Ispán of Esztergom
- Reign: 1079
- Predecessor: first known
- Successor: Simon (1156)
- Died: after 1079
- Noble family: gens Gurcu
- Father: Peter

= Gurcu =

Hungarian nobleman

Gurcu (Gurka) was a Hungarian nobleman in the second half of the 11th century. He is the first known ispán of Esztergom County.

==Biography==

[...] In this conflict, Opos [...] overcame in single combat a most valiant warrior of the duke [Géza] whose name was Peter, and who on his chestnut charger rode out in front of the others, conspicuous in his shining breastplate and gilt helmet, challenging the warriors to combat. On his dun horse and in a hooded leather jerkin Opos charged forth alone from Solomon's ranks, and hurling himself upon Peter like a thunderbolt he shattered his breastplate with a blow of his lance and pierced him right through the heart. [...] Having gained the victory, the king crossed the frozen Tisza at Kotojd and took up lodging in the house of the son of Peter.
— Illuminated Chronicle

Gurcu was the son of Peter, a knight of Duke Géza, who claimed the Hungarian throne against his cousin King Solomon. Peter's lands in the eastern part of Pest County centered around Péteri, which was named after him. Several historians – e.g. Gyula Pauler, György Györffy, Elemér Mályusz, Gyula Kristó and Jenő Szűcs – claimed that this Peter is identical with Peter Aba, founder of the Százd Abbey. According to the Illuminated Chronicle, Peter was killed in a duel with the illustrious knight Opos the Brave in the Battle of Kemej on 26 February 1074, when Solomon's royal army routed Géza's troops. Thereafter, chasing Géza and his men, the royal army crossed the frozen Tisza at Kotojd and forced Peter's son Gurcu to shelter the soldiers in his manor at the nearby Péteri.
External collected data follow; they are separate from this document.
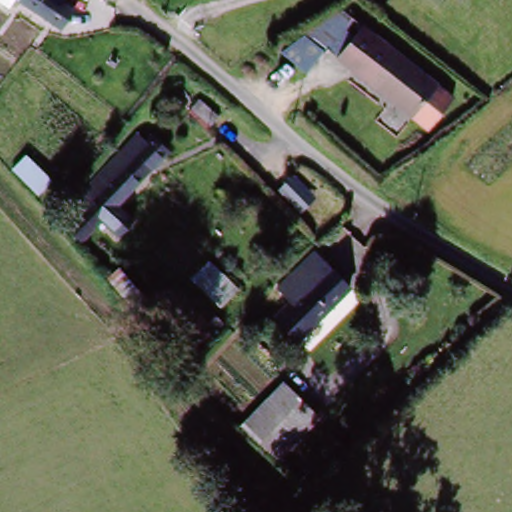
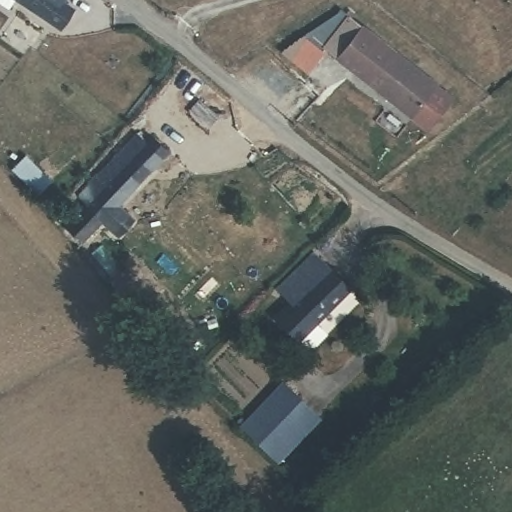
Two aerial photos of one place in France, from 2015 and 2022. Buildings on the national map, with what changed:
unchanged [(2,12),(0,11),(0,0),(11,0),(2,12)]
unchanged [(11,0),(64,0),(75,9),(56,33),(45,24),(11,0)]
unchanged [(407,118),(335,59),(359,28),(431,88),(445,100),(426,122),(413,111),(407,118)]
unchanged [(85,200),(140,142),(158,158),(101,217),(85,200)]
unchanged [(292,342),(275,322),(345,257),(365,278),(292,342)]
unchanged [(240,433),(281,392),(320,425),(277,469),(240,433)]

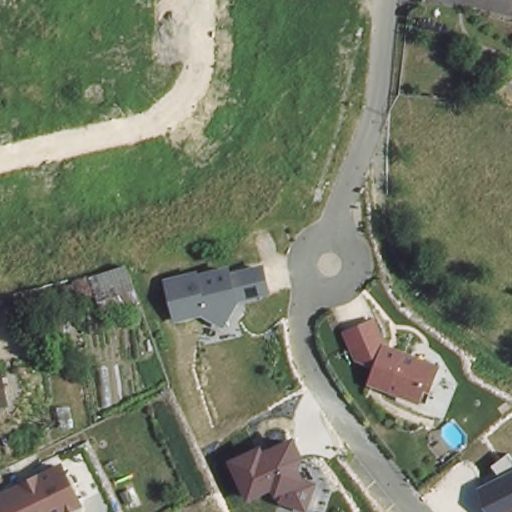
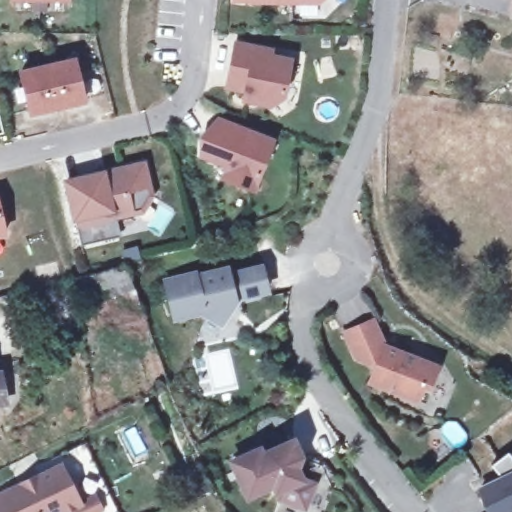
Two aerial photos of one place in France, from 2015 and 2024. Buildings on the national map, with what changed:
new [(12,0),(72,0),(72,3),(12,1),(12,0)]
new [(320,3),(255,2),(255,0),(236,0),(324,0),(320,3)]
new [(236,43),(272,51),(271,56),(291,61),(283,98),(271,106),(246,100),(248,89),(238,87),(228,85),(230,76),(236,43)]
new [(78,56),(90,102),(31,116),(18,69),(78,56)]
new [(277,140),(256,192),(218,178),(223,165),(197,158),(199,138),(217,116),(277,140)]
new [(144,164),(150,192),(137,212),(113,217),(118,238),(81,246),(66,182),(144,164)]
new [(3,231),(0,232),(0,216),(3,231)]
unchanged [(130,261),(131,294),(81,306),(81,300),(79,272),(79,269),(117,263),(123,262),(130,261)]
unchanged [(270,295),(239,302),(223,330),(200,317),(172,324),(162,281),(228,266),(230,271),(262,265),(270,295)]
unchanged [(425,407),(365,384),(370,369),(354,361),(340,332),(375,318),(386,343),(440,365),(425,407)]
unchanged [(5,398),(0,399),(0,373),(5,398)]
unchanged [(305,512),(280,504),(281,499),(268,494),(246,502),(228,462),(261,444),(266,452),(296,437),(307,460),(300,468),(303,476),(322,480),(311,512),(305,512)]
unchanged [(500,476),(491,465),(509,454),(512,458),(512,512),(491,512),(477,488),(500,476)]
unchanged [(62,512),(0,512),(0,488),(60,465),(76,506),(62,512)]

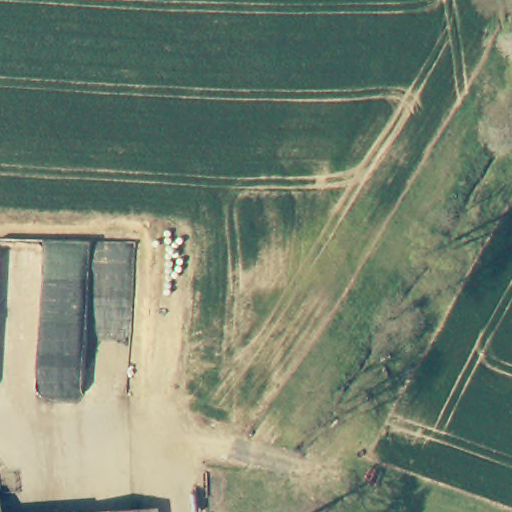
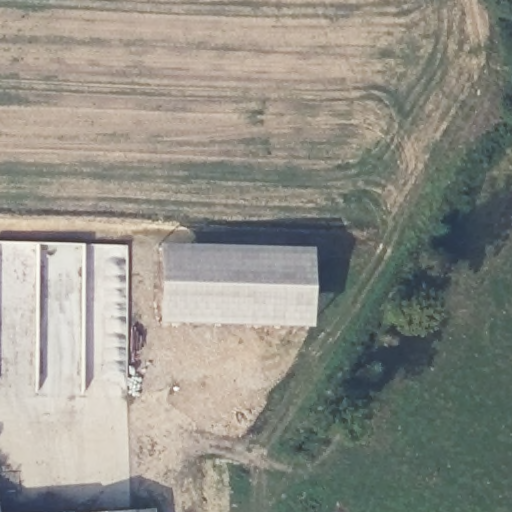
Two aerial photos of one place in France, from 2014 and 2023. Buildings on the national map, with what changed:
new [(312,329),(158,323),(160,243),(315,247),(312,329)]
unchanged [(107,512),(130,509),(143,508),(143,512),(107,512)]

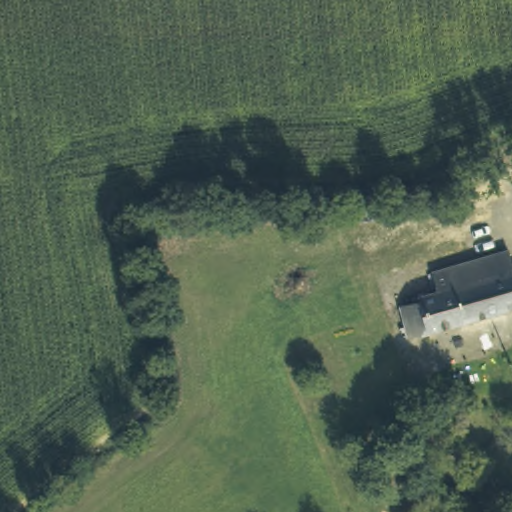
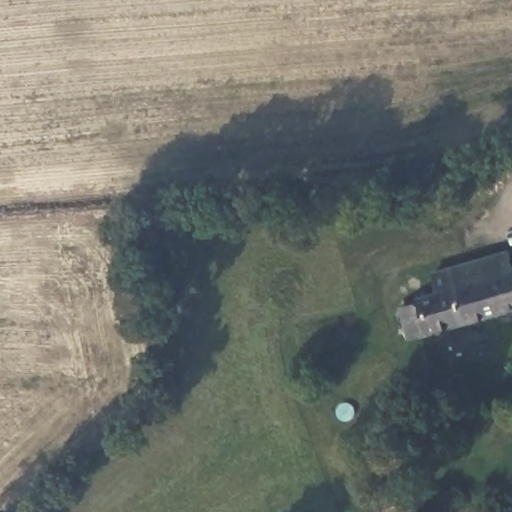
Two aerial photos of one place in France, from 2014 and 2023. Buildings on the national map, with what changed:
unchanged [(403,312),(419,306),(417,300),(437,294),(432,276),(490,259),(507,254),(512,267),(512,314),(409,339),(403,312)]

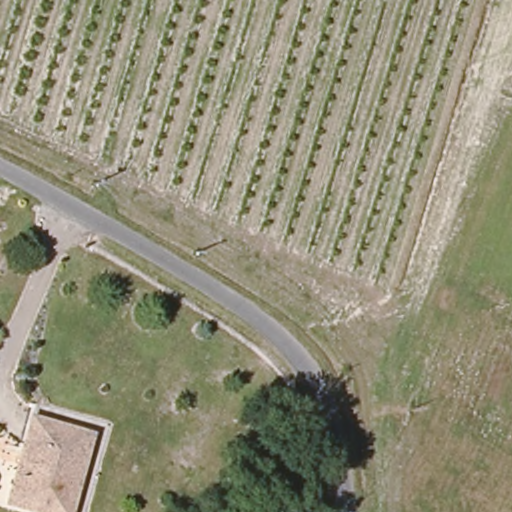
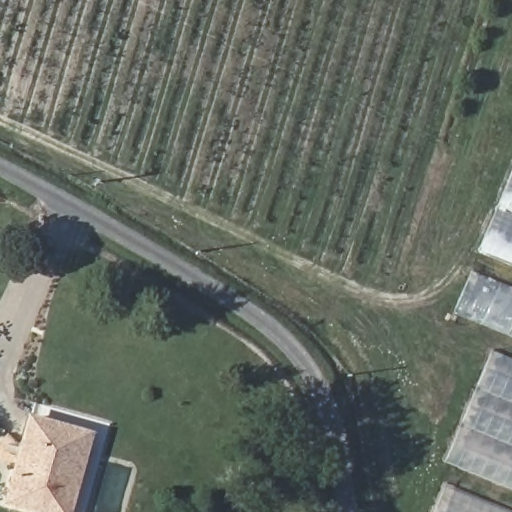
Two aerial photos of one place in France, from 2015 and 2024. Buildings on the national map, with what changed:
new [(512,166),(512,262),(477,248),(512,166)]
new [(512,288),(512,340),(451,315),(471,271),(512,288)]
new [(490,349),(512,357),(512,489),(442,461),(490,349)]
unchanged [(78,512),(10,512),(1,510),(25,410),(99,430),(78,512)]
new [(512,512),(431,512),(444,484),(512,511),(512,512)]

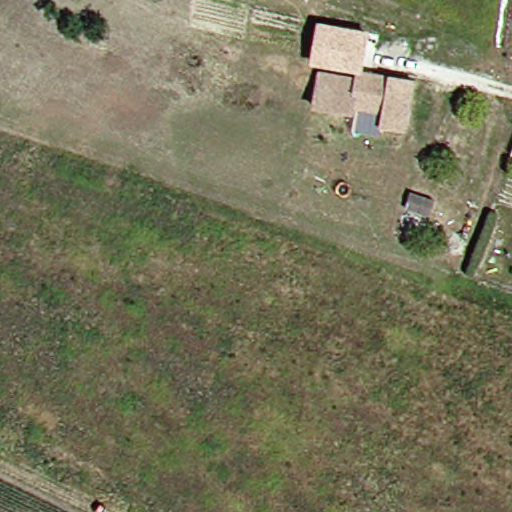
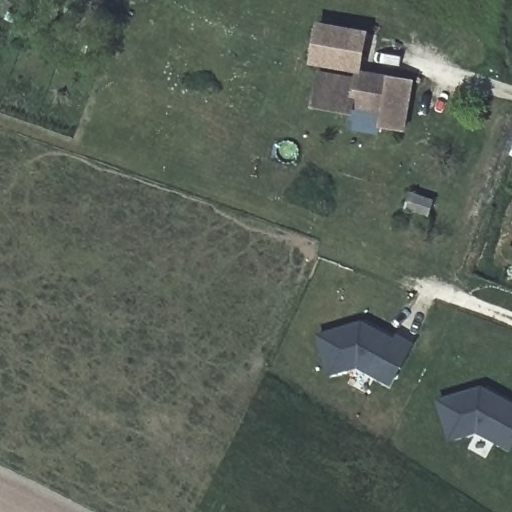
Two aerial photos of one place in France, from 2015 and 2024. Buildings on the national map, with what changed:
new [(317,21),(368,30),(360,72),(356,71),(310,63),(317,21)]
unchanged [(318,72),(355,79),(356,71),(410,82),(401,131),(378,127),(381,112),(351,107),(350,112),(311,105),(318,72)]
unchanged [(512,149),(512,156),(510,155),(512,149)]
unchanged [(437,199),(425,239),(396,228),(409,189),(437,199)]
new [(381,334),(398,342),(400,338),(416,346),(395,389),(361,371),(331,379),(319,336),(363,324),(381,334)]
new [(501,395),(512,401),(512,449),(481,433),(451,441),(439,398),(483,386),(501,395)]

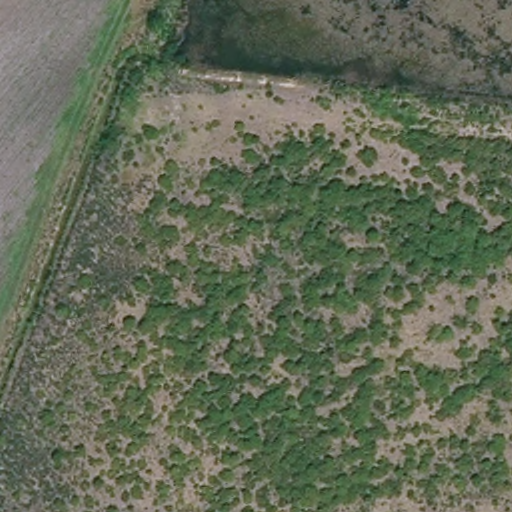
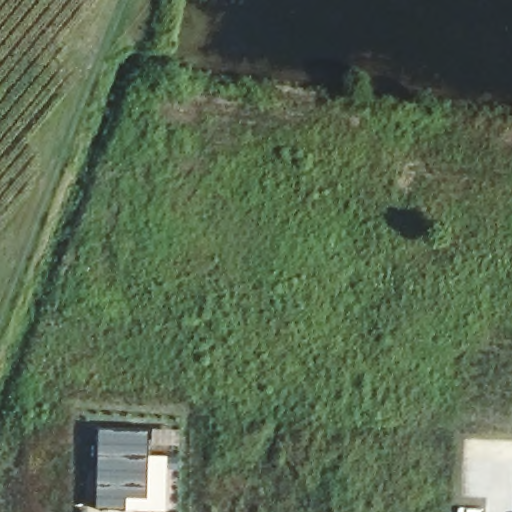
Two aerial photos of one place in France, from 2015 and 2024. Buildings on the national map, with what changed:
new [(97,428),(149,431),(148,454),(166,455),(166,467),(161,467),(161,462),(150,462),(147,498),(126,497),(125,508),(95,507),(97,428)]

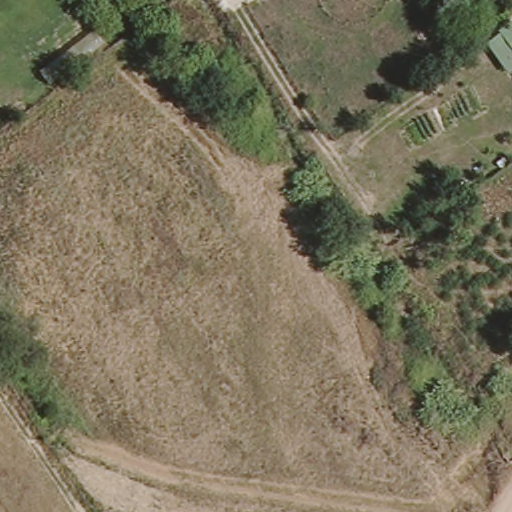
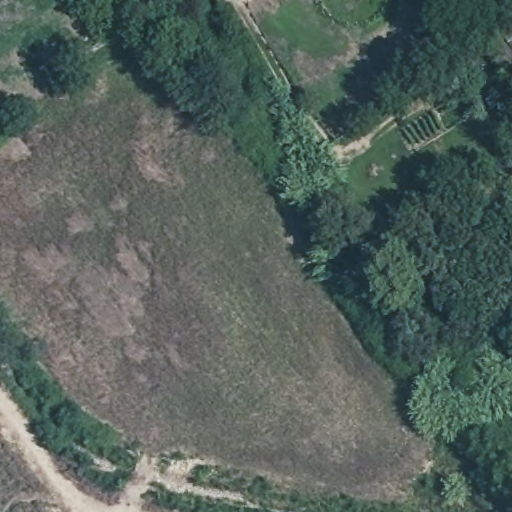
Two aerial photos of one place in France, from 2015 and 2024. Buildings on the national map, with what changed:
unchanged [(502,0),(512,0),(512,4),(508,7),(502,0)]

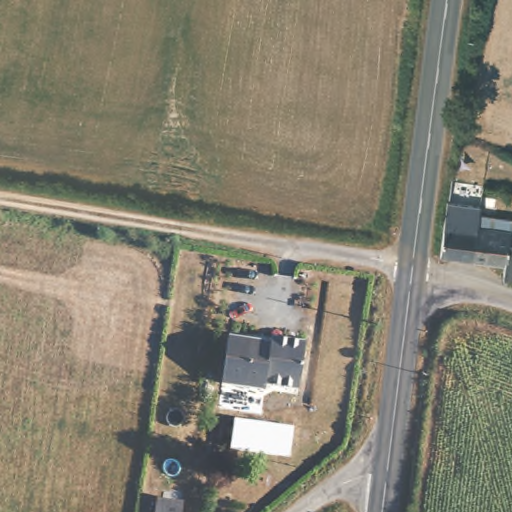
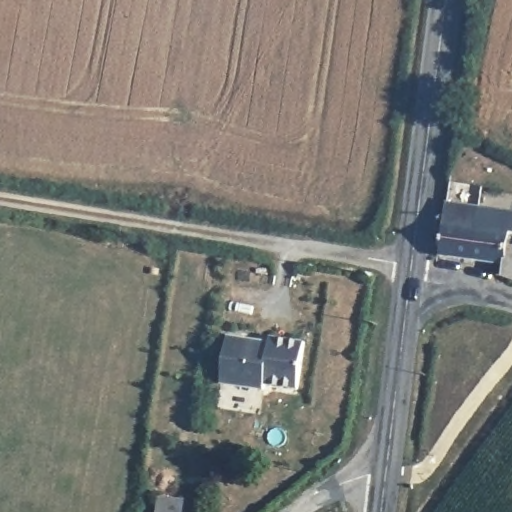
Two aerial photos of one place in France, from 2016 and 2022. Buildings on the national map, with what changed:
unchanged [(472,144),(470,156),(458,152),(459,139),(472,144)]
unchanged [(445,202),(446,202),(479,207),(479,213),(478,227),(475,257),(439,251),(443,222),(445,202)]
unchanged [(508,262),(475,257),(478,227),(479,213),(512,217),(512,271),(507,271),(508,262)]
unchanged [(266,338),(267,335),(300,338),(295,385),(259,381),(258,386),(218,381),(224,333),(266,338)]
unchanged [(183,512),(158,512),(159,503),(184,507),(183,512)]

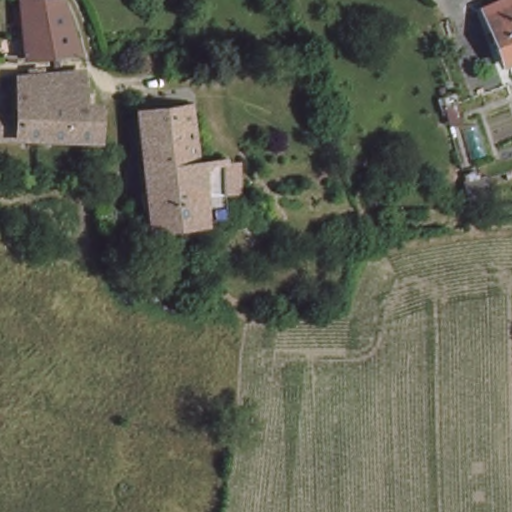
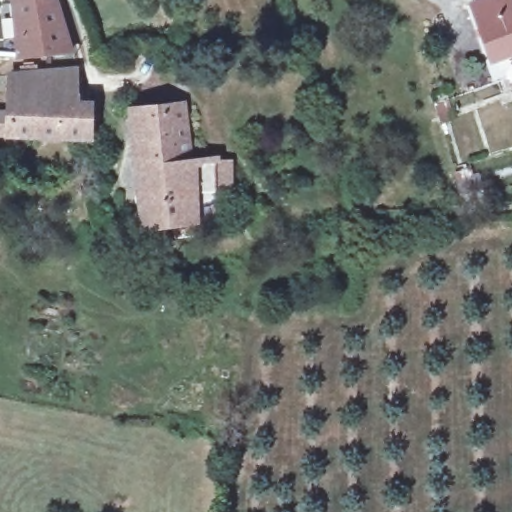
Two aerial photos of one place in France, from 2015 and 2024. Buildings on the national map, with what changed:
unchanged [(15,0),(57,0),(66,56),(18,59),(15,0)]
unchanged [(512,12),(512,77),(510,70),(506,57),(489,62),(473,12),(503,0),(506,0),(512,12)]
unchanged [(10,124),(10,81),(76,76),(77,119),(88,120),(88,145),(10,141),(0,141),(0,124),(10,124)]
unchanged [(180,111),(187,171),(185,228),(136,234),(129,114),(180,111)]
unchanged [(206,169),(210,224),(185,228),(187,171),(206,169)]

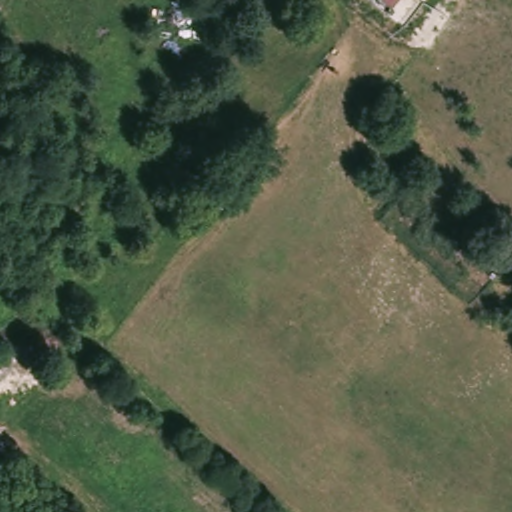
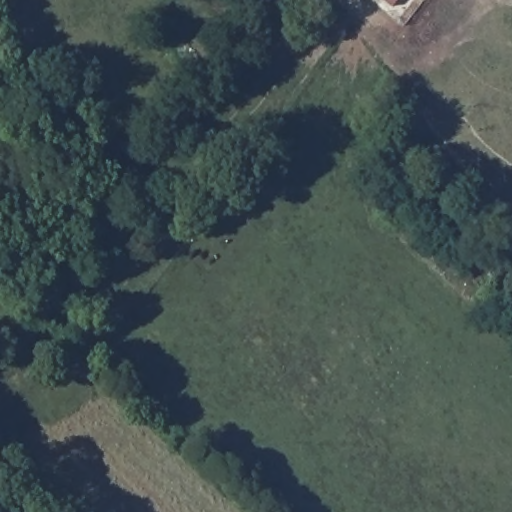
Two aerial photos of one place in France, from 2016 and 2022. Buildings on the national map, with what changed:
unchanged [(382,0),(397,0),(391,6),(382,0)]

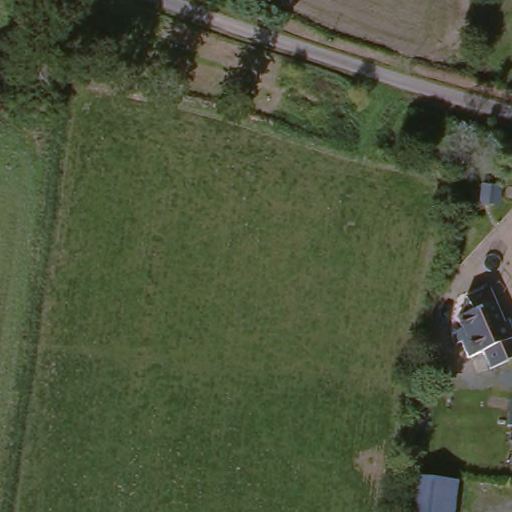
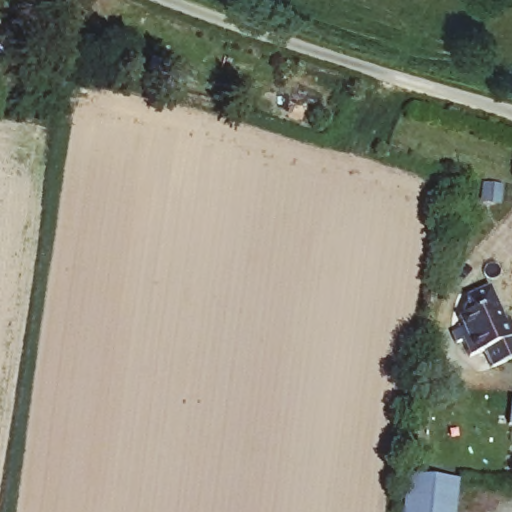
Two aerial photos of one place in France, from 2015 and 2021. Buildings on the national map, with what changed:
unchanged [(512,338),(512,356),(488,366),(479,350),(466,356),(457,340),(460,335),(453,316),(464,310),(459,295),(483,285),(499,319),(503,317),(512,338)]
unchanged [(448,512),(398,512),(401,469),(453,479),(448,512)]

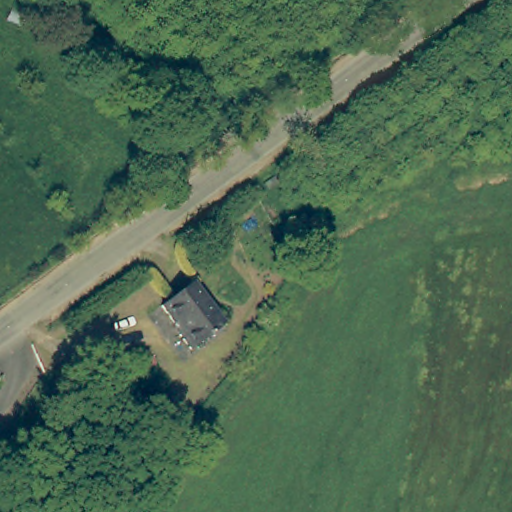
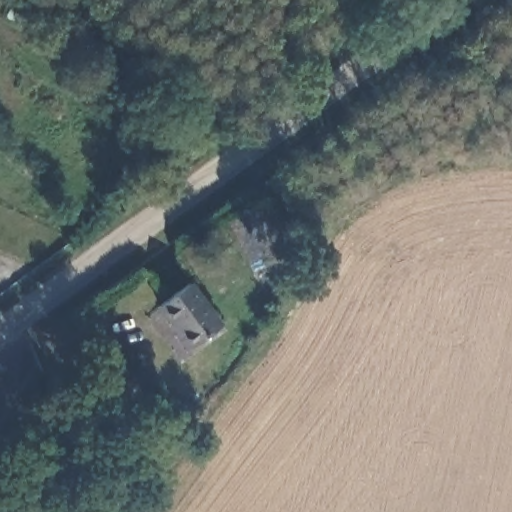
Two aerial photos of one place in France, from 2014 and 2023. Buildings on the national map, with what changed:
unchanged [(223,330),(188,352),(160,306),(195,282),(223,330)]

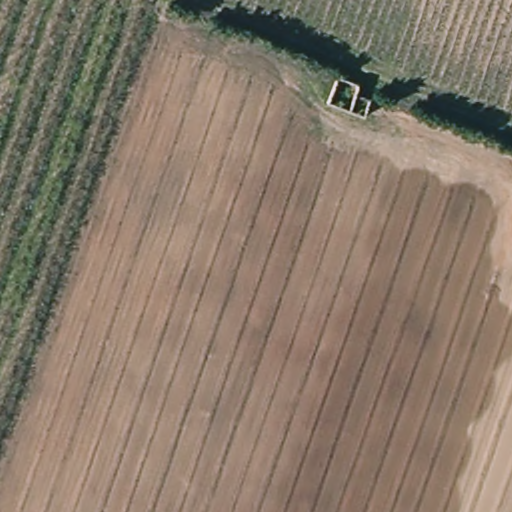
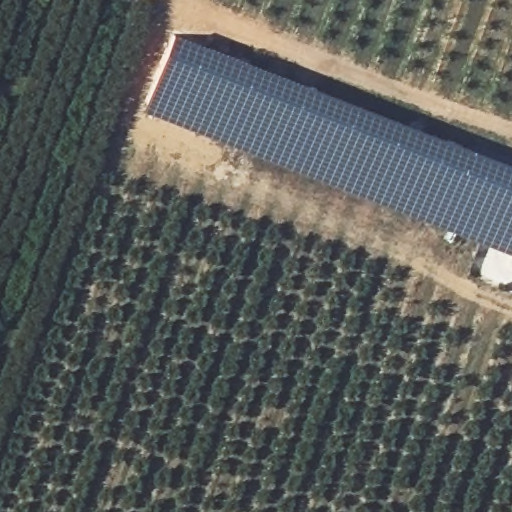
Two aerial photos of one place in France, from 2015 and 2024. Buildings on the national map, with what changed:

Eventually, Géza I was victorious at the decisive Battle of Mogyoród on 14 March 1074. Gurcu was styled as ispán of Esztergom County in 1079, which meant the peak of his career and his family's influence. He appears in this capacity in a single charter, the last will and testament of knight Guden. Prior to the 1090s, Gurcu donated a nearby estate (later called Apáti) to the Pannonhalma Abbey with the consent of Ladislaus I of Hungary.

==Descendants==
The offspring of Peter and Gurcu still possessed lands around Péteri in the middle of the 13th century. They belonged to the local minor nobility. Oltumanus, son of Peter is referred to as "from the line of Count Gurcu" ("de genere Gurka comitis") by Béla IV in 1252, when the monarch granted a portion in Oszlár (today a borough of Sülysáp) in Pest County to Oltumanus for his participation in the 1250 war against the Duchy of Austria. In the upcoming decades, the kinship of Gurcu (also referred to as "nobiles de genere Petri") was involved in a lawsuit with the Dominican nuns of Rabbits' Island (later Margaret Island) over the estate Oszlár.